YOUR INSTRUCTIONS. The entries below are to be repeated exactly, with the pictures left out.

Records from a dataset:
####

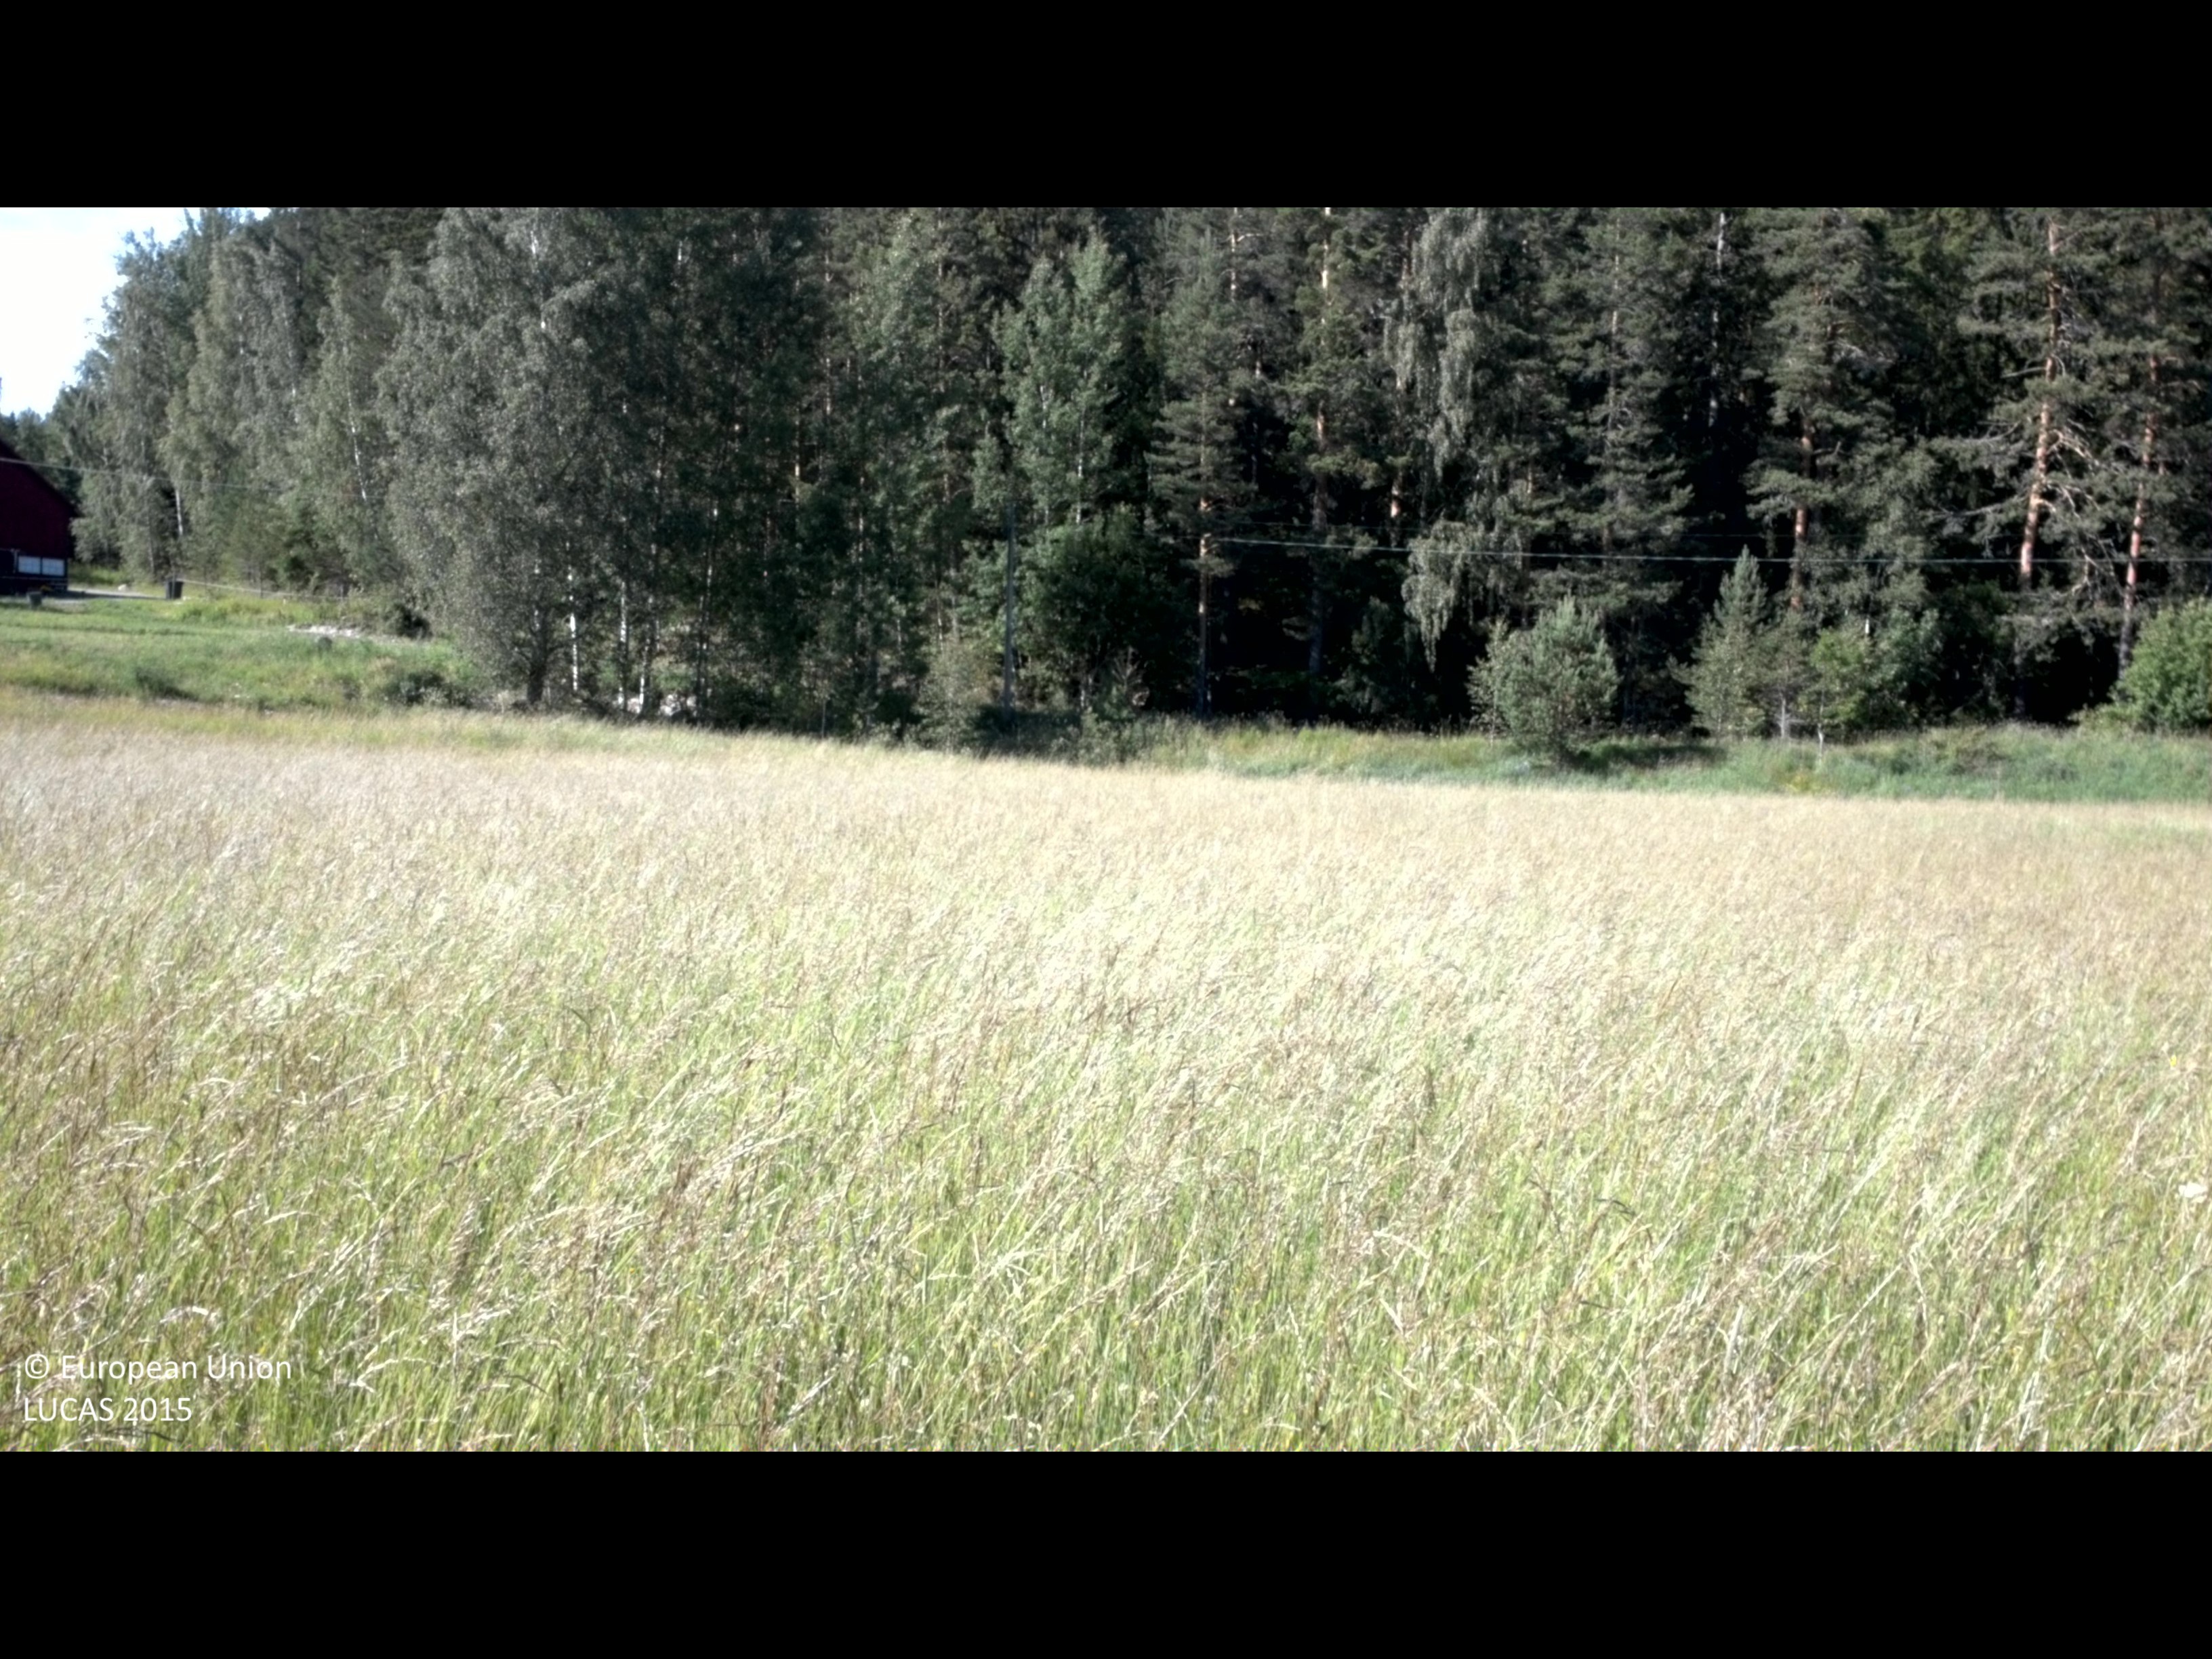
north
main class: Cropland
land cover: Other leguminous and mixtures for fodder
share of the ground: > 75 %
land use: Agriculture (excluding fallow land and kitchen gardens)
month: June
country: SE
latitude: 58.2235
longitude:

####

EXERCISE OUTPUT.
north
main class: Cropland
land cover: Other leguminous and mixtures for fodder
share of the ground: > 75 %
land use: Agriculture (excluding fallow land and kitchen gardens)
month: June
country: SE
latitude: 58.2235
longitude:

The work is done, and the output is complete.